Records drawn from a dataset
- - - - - - -
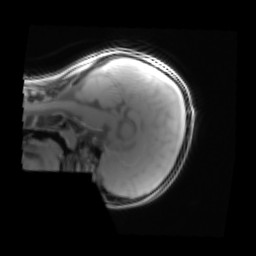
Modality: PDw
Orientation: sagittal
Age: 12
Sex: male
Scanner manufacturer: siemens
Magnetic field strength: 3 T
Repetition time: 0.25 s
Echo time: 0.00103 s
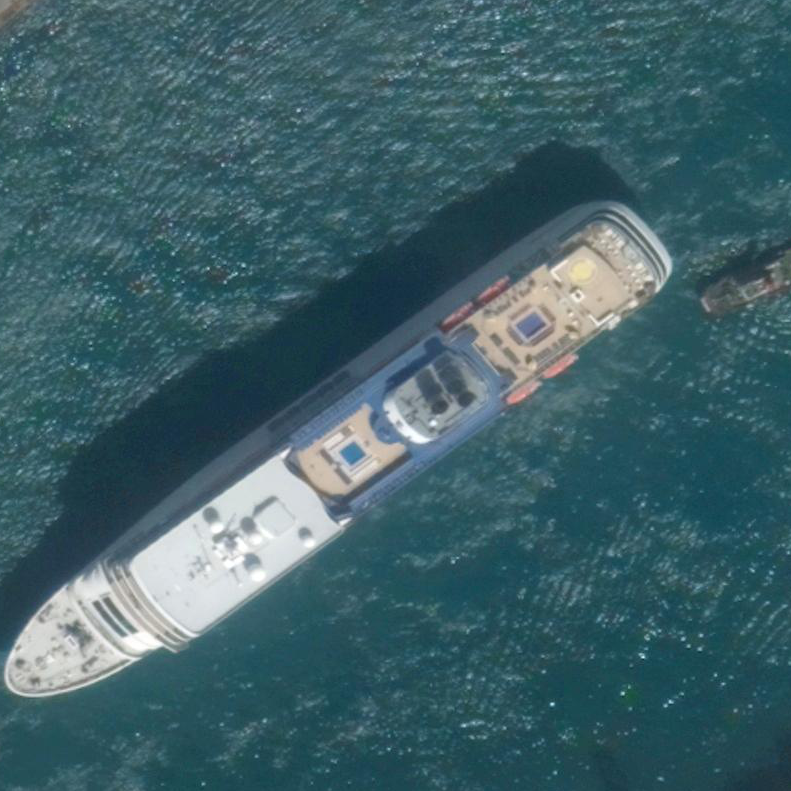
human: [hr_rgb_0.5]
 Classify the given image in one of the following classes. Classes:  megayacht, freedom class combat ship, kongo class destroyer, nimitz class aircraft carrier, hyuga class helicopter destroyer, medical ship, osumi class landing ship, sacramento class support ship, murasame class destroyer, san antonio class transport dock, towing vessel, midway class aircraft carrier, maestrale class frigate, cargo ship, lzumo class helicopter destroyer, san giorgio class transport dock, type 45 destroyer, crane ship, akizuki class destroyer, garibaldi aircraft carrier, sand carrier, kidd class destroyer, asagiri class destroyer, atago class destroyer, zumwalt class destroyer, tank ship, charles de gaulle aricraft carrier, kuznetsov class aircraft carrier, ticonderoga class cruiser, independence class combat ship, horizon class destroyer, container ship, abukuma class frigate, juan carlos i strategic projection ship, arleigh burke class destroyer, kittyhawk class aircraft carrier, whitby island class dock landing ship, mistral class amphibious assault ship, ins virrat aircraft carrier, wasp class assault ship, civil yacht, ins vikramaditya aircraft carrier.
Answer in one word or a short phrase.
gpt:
- - - - - - -
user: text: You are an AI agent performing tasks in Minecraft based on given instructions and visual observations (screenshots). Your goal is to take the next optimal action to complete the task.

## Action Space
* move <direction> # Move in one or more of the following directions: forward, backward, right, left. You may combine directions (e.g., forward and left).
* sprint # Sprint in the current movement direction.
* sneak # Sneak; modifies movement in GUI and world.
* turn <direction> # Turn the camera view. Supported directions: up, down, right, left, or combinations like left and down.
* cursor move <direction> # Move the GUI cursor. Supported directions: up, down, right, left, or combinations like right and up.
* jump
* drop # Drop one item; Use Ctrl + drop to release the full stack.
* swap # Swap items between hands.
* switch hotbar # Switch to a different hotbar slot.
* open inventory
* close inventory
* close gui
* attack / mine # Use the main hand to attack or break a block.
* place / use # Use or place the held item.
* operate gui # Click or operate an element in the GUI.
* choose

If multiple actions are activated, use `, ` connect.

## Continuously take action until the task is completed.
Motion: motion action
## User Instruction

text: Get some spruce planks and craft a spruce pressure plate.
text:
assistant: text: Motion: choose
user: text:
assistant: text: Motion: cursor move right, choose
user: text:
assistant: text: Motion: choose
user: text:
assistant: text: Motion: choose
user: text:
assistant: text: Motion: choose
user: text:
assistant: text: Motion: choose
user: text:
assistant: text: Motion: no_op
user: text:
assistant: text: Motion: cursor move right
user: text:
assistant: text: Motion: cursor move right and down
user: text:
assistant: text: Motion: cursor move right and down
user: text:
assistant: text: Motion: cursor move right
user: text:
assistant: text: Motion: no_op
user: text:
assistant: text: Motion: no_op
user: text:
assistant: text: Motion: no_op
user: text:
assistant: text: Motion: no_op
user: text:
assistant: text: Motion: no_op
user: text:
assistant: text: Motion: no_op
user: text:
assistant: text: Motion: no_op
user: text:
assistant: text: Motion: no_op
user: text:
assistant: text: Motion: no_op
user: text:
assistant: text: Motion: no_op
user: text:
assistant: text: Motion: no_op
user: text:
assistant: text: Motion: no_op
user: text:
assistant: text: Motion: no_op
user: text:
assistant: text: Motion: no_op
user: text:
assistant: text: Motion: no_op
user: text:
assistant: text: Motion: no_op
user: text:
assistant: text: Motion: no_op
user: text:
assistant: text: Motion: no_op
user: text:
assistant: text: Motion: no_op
- - - - - - -
> _Exercise directions_
When the word "combinations" shows up in a line of the entries, report that line.

> _Solved problem_
* turn <direction> # Turn the camera view. Supported directions: up, down, right, left, or combinations like left and down.
* cursor move <direction> # Move the GUI cursor. Supported directions: up, down, right, left, or combinations like right and up.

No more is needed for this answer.